China had established a consistent form of traditional clothing during the Yellow Emperor of Emperors Yao and Shun, about 4,500 years ago. The Chinese people are a fashionable kind and have set many trends since ancient times. The Chinese clothing has seen immense variations and influences from the olden days. However, archeologists have discovered 18,000 year old sewing needles made of bone as well as stone beads and shells with holes, representing sewing at a very early age. Archeologists have also found woven silk and hemp articles from the Shang Dynasty.
There are three forms to China’s traditional attire: pien-fu, ch’ang-p’ao, and shen-i. Chinese have favored darker colors in their clothing, with light accents. However, for everyday wear in China, lighter colors were worn much more frequently. One thing that Chinese liked to incorporate in their fashion was associating colors with seasons. For example, Chinese used green colors to depict spring, red for summer, white for autumn, and black for winter. The Chinese have a fully developed system of matching, coordinating, and contrasting colors and shades of light and dark in apparel.

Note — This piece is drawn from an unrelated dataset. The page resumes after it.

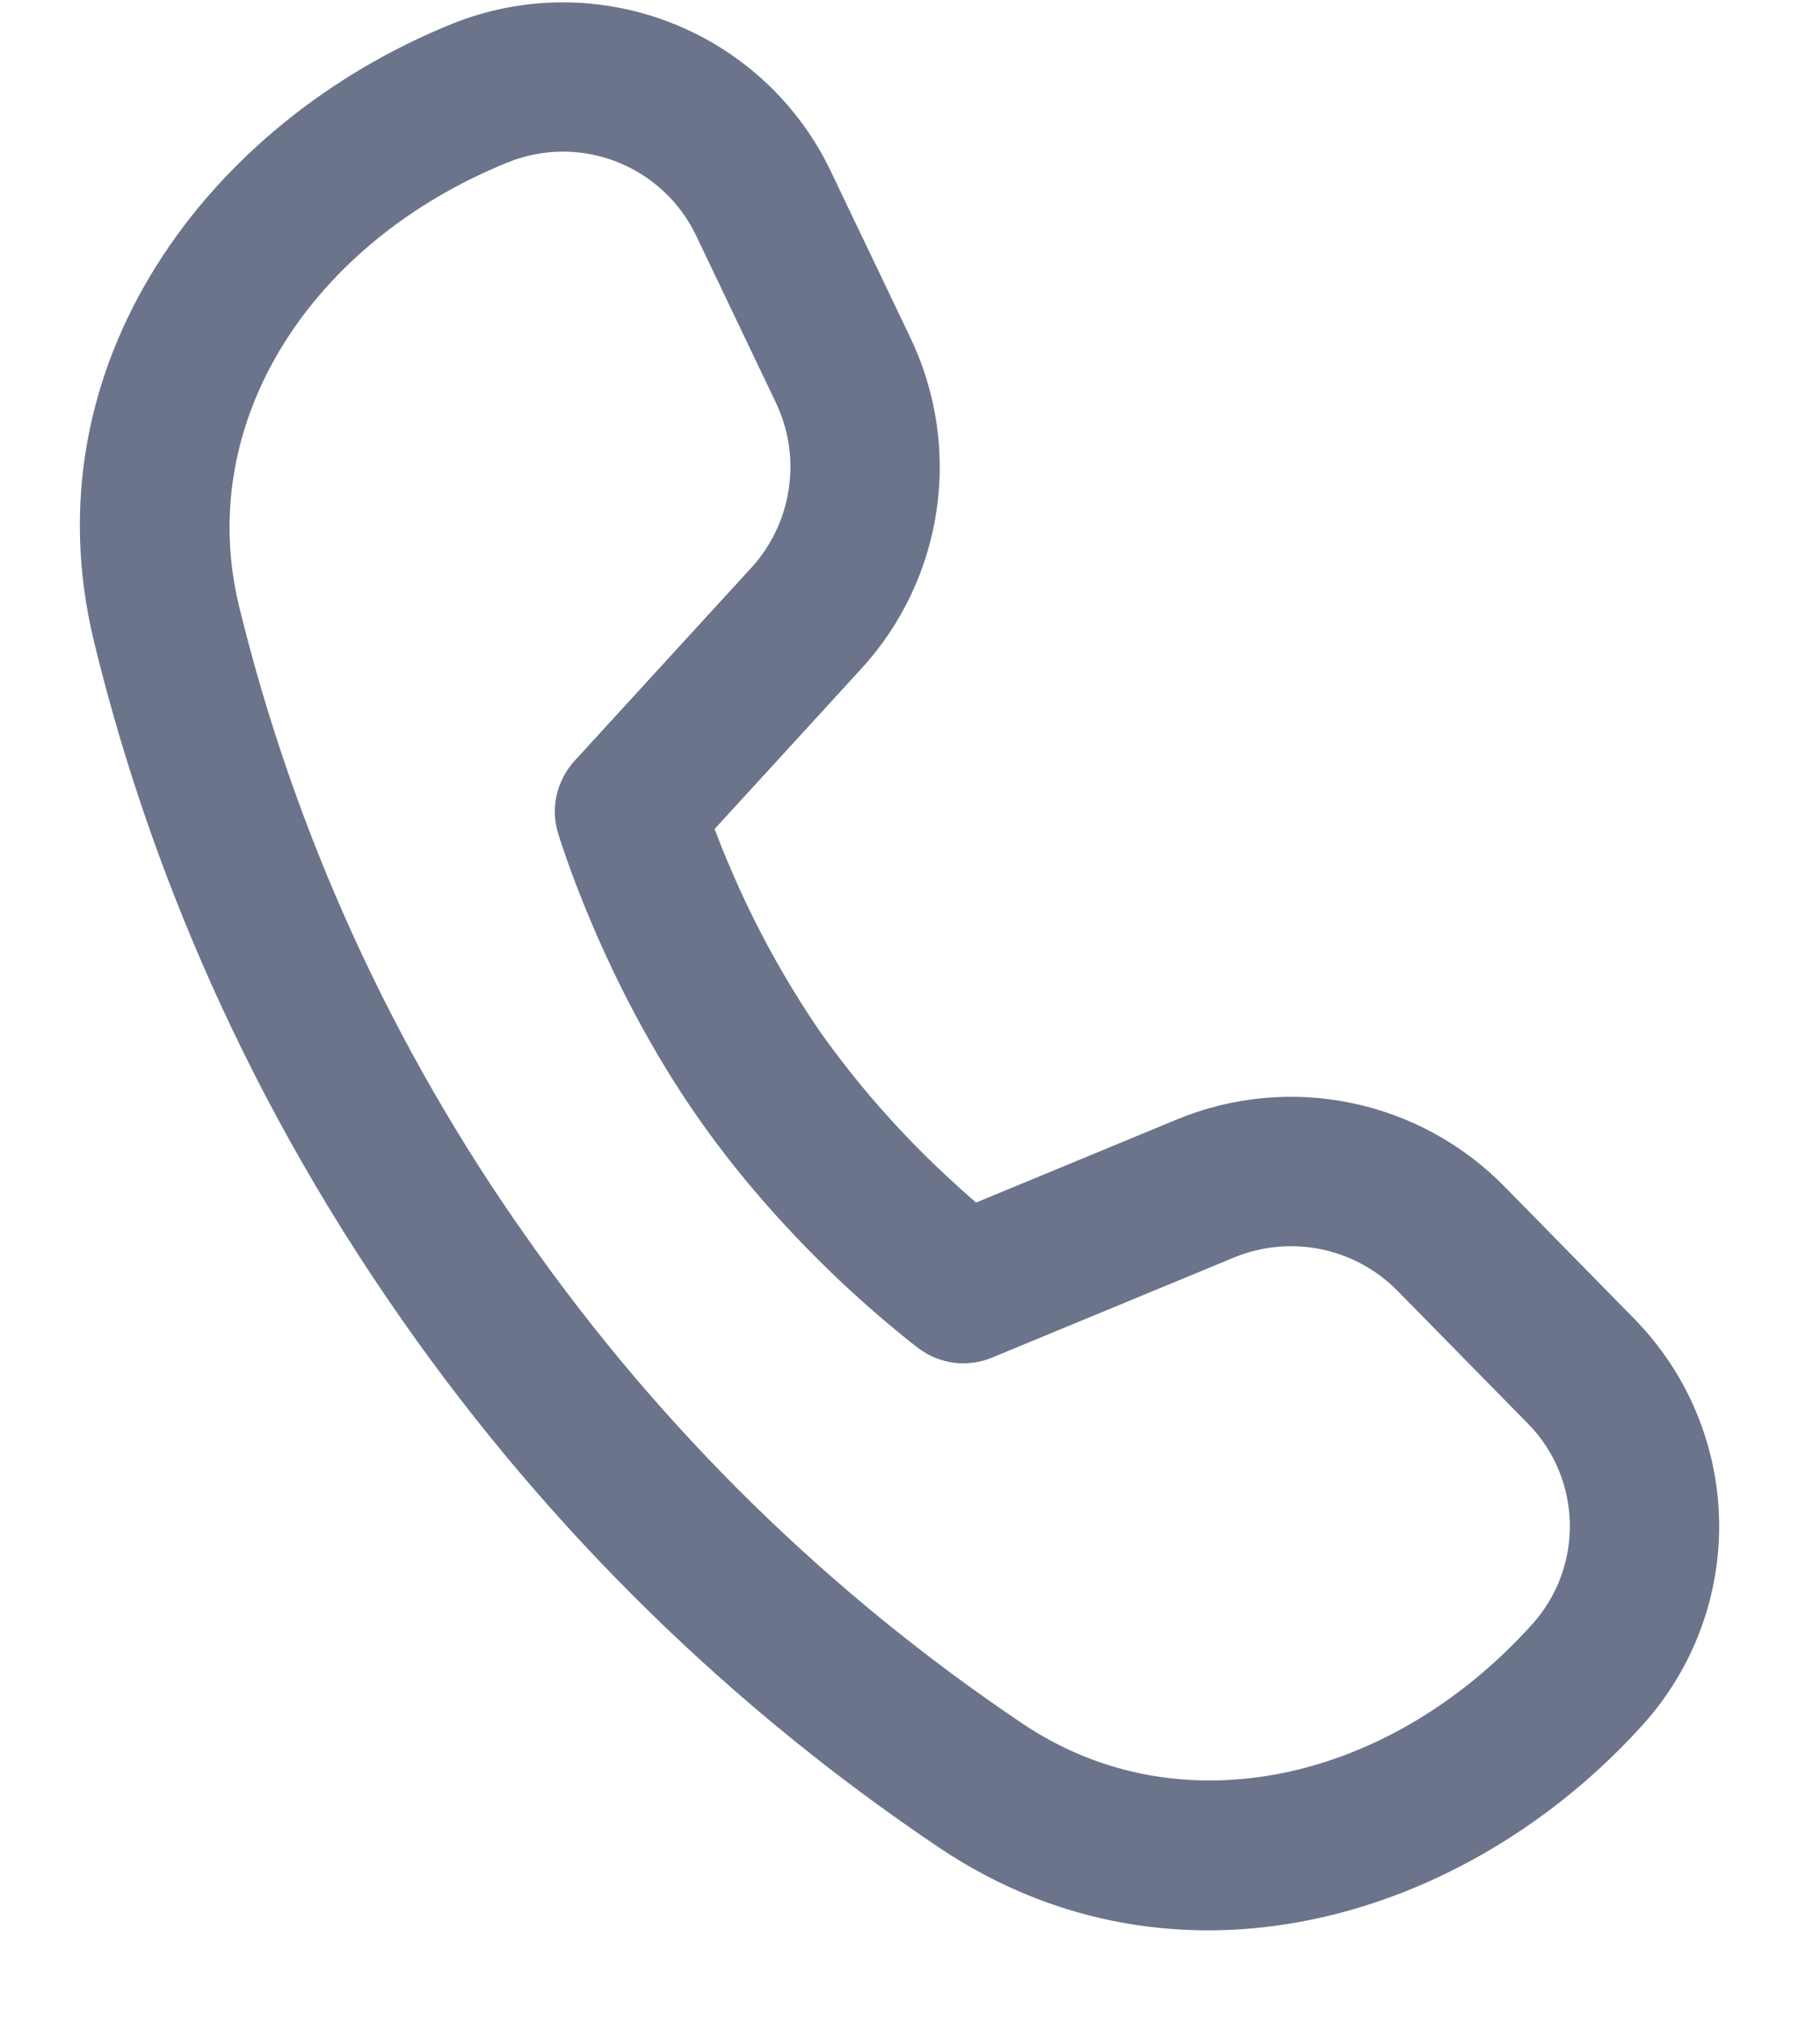<svg width="18" height="20" viewBox="0 0 18 20" fill="none" xmlns="http://www.w3.org/2000/svg">
<path d="M2.364 5.992C1.922 4.169 3.081 2.391 5.021 1.606C5.366 1.466 5.75 1.464 6.096 1.598C6.443 1.733 6.725 1.995 6.885 2.33L7.673 3.98C7.8 4.246 7.845 4.543 7.801 4.834C7.758 5.125 7.629 5.397 7.43 5.614L5.681 7.524C5.595 7.619 5.535 7.734 5.506 7.858C5.477 7.983 5.482 8.113 5.518 8.235L5.542 8.31L5.606 8.498C5.662 8.656 5.745 8.879 5.858 9.143C6.081 9.668 6.427 10.37 6.91 11.06C7.392 11.749 7.934 12.314 8.35 12.704C8.567 12.906 8.793 13.101 9.025 13.285L9.089 13.334C9.191 13.41 9.312 13.458 9.438 13.474C9.565 13.489 9.693 13.472 9.811 13.423L12.205 12.433C12.477 12.321 12.776 12.292 13.064 12.351C13.352 12.41 13.617 12.554 13.823 12.764L15.111 14.075C15.648 14.621 15.666 15.492 15.153 16.06C13.752 17.616 11.68 18.091 10.118 17.045C8.203 15.759 6.541 14.131 5.215 12.243C3.88 10.358 2.912 8.237 2.364 5.993L2.364 5.992ZM7.067 8.197L8.519 6.611C8.917 6.177 9.175 5.634 9.262 5.052C9.349 4.47 9.259 3.875 9.006 3.344L8.217 1.694C7.895 1.019 7.327 0.493 6.631 0.223C5.934 -0.048 5.161 -0.043 4.468 0.237C2.059 1.211 0.266 3.604 0.929 6.34C1.392 8.251 2.287 10.653 4.008 13.095C5.438 15.13 7.23 16.886 9.296 18.273C11.638 19.839 14.508 18.984 16.251 17.049C16.749 16.495 17.018 15.773 17.002 15.028C16.986 14.283 16.686 13.573 16.165 13.041L14.877 11.729C14.464 11.309 13.936 11.022 13.359 10.904C12.783 10.786 12.184 10.843 11.64 11.068L9.653 11.89C9.554 11.804 9.456 11.716 9.36 11.626C8.899 11.198 8.484 10.725 8.119 10.213C7.763 9.695 7.46 9.142 7.215 8.563C7.163 8.442 7.114 8.32 7.067 8.197Z" fill="#6B748B"/>
</svg>

Pien-fu is a round, ceremonial cap that is worn with a two-piece costume. The pien-fu includes a tunic-like top that reaches ones knees and a skirt or pants that reaches the ankles. The pien-fu is formal attire and worn on special occasions.
The second type of clothing, called a ch’ang-p’ao, is a long robe that extends to the heels.
The shen-i is similar to the pien-fu and ch’ang-p’ao; a tunic and a skirt are sewn together, creating one large garment, like the shen-i. Shen-i is the most popular traditional clothing of the three.
All three forms of Chinese clothing were wide and loose fitting, with voluminous sleeves. Clothing had minimum stitching because it was a simple design. Because the structure of the garments were very basic, the Chinese embroidered edgings, decorated bands, draped cloth or silks, patterns on the shoulders, and sashes to vary the types of clothing.